Il problema, allora, non è più soltanto quello di una clausola contrattuale alla quale si debba eventualmente sostituire la disciplina prevista ex lege, secondo il fenomeno dell’inserzione automatica di clausole ex art. 1329 C.C. – già espressamente previsto al secondo comma dell’art. 1 del Decreto n. 145/2000, Capitolato Generale d’appalto – ma quello di una procedura di gara viziata ab origine e come tale soggetta ad essere annullata prima ancora che si concluda con l’aggiudicazione.

Non si tratta cioè solo del possibile contenzioso che possa insorgere tra stazione appaltante e appaltatore nella fase esecutiva del contratto, ma di un profilo di illegittimità della stessa procedura di gara, condizionata nella sua fase essenziale, quella della formulazione dell’offerta, dalla acquiescenza richiesta all’offerente di una clausola illegittima.

L’Autorità stessa coglie perfettamente questo aspetto allorquando osserva che “non si ritiene che la clausola oggetto di valutazione possa essere contestata solo dall’impresa aggiudicataria all’esito della procedura di gara”, ma, viene da concludere, da qualunque soggetto interessato alla partecipazione.

Va anche evidenziato che se la circostanza che la clausola in questione, nel caso sottoposto all’esame dell’Autorità, fosse contenuta nel bando di gara e fosse richiesta un’esplicita accettazione da parte degli offerenti, rende senz’altro la fattispecie particolarmente eclatante, tuttavia la sostanza non muta di molto neppure quando clausole del genere sono “nascoste” nei capitolati o negli schemi di contratto.

Questo anzitutto perché generalmente viene richiesto all’offerente di prendere atto ed accettare, in generale, tutto quanto contenuto in questi atti, secondo lo schema tipico del contratto per adesione, e quindi l’operatore economico attento ben può sollevare comunque la questione.

E’ poi perché, anche ammesso che nessuno si dolga nel corso della gara, il massimo che si potrà ottenere è di rinviare il contenzioso alla fase esecutiva del contratto il che, sotto il profilo pratico e delle responsabilità per gli operatori della stazione appaltante, forse è perfino peggio.

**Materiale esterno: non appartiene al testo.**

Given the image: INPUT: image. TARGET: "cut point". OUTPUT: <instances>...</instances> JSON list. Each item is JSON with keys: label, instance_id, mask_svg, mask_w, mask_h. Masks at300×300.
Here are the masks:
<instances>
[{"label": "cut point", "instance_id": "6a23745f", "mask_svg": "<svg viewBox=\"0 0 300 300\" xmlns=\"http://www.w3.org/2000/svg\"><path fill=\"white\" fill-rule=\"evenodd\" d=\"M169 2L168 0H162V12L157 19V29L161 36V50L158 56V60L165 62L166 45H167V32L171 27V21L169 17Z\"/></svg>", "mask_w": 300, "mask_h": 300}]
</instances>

Per completezza di esposizione, merita infine di essere menzionato il D.Lgs. n. 231/2002, di recepimento della Direttiva 35/2000/CEE, relativa alla “lotta contro i ritardi di pagamento nelle transazioni commerciali”.

La disciplina comunitaria, per chiarissima (anche se non pacifica, in dottrina) interpretazione espressa dall’Autorità di Vigilanza nella determinazione n. 5/2002 non si applica agli appalti di lavori ma ai soli contratti che comportano la consegna di merci o la prestazione di servizi contro pagamento di un prezzo, e quindi soltanto agli appalti di forniture e servizi, e pertanto non ha rilievo immediato rispetto all’argomento trattato in questa nota.